[Records drawn from a dataset]

#####

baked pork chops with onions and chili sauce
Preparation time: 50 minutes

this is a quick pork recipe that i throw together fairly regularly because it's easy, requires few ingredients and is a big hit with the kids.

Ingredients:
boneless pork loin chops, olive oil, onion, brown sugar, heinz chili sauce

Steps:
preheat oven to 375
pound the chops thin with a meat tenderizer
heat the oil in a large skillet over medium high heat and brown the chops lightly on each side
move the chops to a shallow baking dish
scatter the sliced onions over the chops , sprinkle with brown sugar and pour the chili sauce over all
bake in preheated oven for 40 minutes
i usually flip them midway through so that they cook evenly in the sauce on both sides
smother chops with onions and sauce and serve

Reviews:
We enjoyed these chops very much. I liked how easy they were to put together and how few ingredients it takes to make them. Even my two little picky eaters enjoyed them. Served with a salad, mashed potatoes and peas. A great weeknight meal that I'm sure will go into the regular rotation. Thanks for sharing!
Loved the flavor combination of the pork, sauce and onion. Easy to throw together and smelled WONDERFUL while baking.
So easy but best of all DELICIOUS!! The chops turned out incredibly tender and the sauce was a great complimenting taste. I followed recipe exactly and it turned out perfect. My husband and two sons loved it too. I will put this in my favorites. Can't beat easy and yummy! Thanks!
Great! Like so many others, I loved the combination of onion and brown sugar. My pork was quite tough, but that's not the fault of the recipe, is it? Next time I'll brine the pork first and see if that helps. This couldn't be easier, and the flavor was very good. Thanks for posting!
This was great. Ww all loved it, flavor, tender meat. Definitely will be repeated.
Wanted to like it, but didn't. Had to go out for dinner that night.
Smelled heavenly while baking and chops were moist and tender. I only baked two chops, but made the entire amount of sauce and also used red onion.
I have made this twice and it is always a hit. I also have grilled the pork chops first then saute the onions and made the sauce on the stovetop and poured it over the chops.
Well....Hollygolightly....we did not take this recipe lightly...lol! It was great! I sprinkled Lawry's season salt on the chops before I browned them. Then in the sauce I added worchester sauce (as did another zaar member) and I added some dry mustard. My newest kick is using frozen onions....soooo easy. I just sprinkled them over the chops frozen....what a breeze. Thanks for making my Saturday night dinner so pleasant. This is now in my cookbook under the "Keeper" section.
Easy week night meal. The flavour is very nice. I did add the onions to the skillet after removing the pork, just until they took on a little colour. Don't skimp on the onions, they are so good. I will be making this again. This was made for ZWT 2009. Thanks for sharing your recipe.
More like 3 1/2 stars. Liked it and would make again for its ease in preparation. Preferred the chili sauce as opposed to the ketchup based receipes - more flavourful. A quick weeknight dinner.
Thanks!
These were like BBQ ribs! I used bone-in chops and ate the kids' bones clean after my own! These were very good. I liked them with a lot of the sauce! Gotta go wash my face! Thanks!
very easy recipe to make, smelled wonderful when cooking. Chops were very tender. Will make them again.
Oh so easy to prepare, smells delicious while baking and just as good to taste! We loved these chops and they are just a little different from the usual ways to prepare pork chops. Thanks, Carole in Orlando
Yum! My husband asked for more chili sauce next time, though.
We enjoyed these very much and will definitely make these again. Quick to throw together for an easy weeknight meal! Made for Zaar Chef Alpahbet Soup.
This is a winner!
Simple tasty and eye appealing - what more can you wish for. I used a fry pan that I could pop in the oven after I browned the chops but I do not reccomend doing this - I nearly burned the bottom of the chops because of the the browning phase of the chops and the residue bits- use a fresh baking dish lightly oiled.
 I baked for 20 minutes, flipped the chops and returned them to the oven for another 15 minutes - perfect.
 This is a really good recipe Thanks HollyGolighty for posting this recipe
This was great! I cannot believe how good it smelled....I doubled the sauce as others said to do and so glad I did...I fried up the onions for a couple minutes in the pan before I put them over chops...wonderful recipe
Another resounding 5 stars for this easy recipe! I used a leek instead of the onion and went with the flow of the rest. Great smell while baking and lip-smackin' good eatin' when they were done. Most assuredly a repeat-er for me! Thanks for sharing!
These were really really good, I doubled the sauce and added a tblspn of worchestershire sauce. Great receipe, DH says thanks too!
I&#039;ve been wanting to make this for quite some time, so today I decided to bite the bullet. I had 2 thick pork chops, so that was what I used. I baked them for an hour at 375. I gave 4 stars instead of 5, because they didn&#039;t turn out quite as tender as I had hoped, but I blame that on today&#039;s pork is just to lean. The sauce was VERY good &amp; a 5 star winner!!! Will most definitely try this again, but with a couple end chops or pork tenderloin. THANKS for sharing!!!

#####

Lines above with the string "dish" need to be found and copied.

• _RESPONSE AREA_
move the chops to a shallow baking dish
Simple tasty and eye appealing - what more can you wish for. I used a fry pan that I could pop in the oven after I browned the chops but I do not reccomend doing this - I nearly burned the bottom of the chops because of the the browning phase of the chops and the residue bits- use a fresh baking dish lightly oiled.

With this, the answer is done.